Stored items

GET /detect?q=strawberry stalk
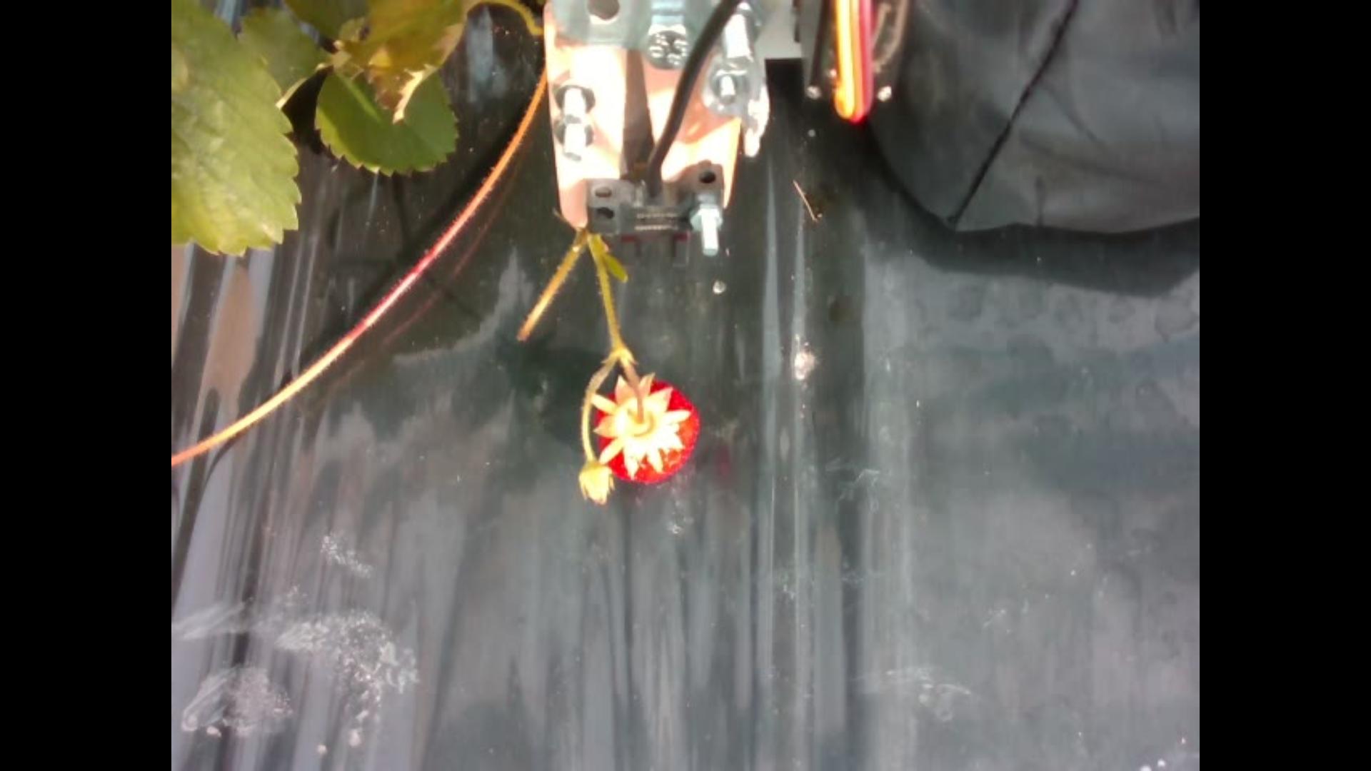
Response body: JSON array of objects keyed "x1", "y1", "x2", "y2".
[{"x1": 593, "y1": 255, "x2": 653, "y2": 438}]
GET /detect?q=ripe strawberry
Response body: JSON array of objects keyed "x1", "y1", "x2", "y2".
[{"x1": 571, "y1": 360, "x2": 707, "y2": 498}]

Exercise — Only lines with the word "detect" go in the answer. Take them all from the entries above.

Reply —
GET /detect?q=strawberry stalk
GET /detect?q=ripe strawberry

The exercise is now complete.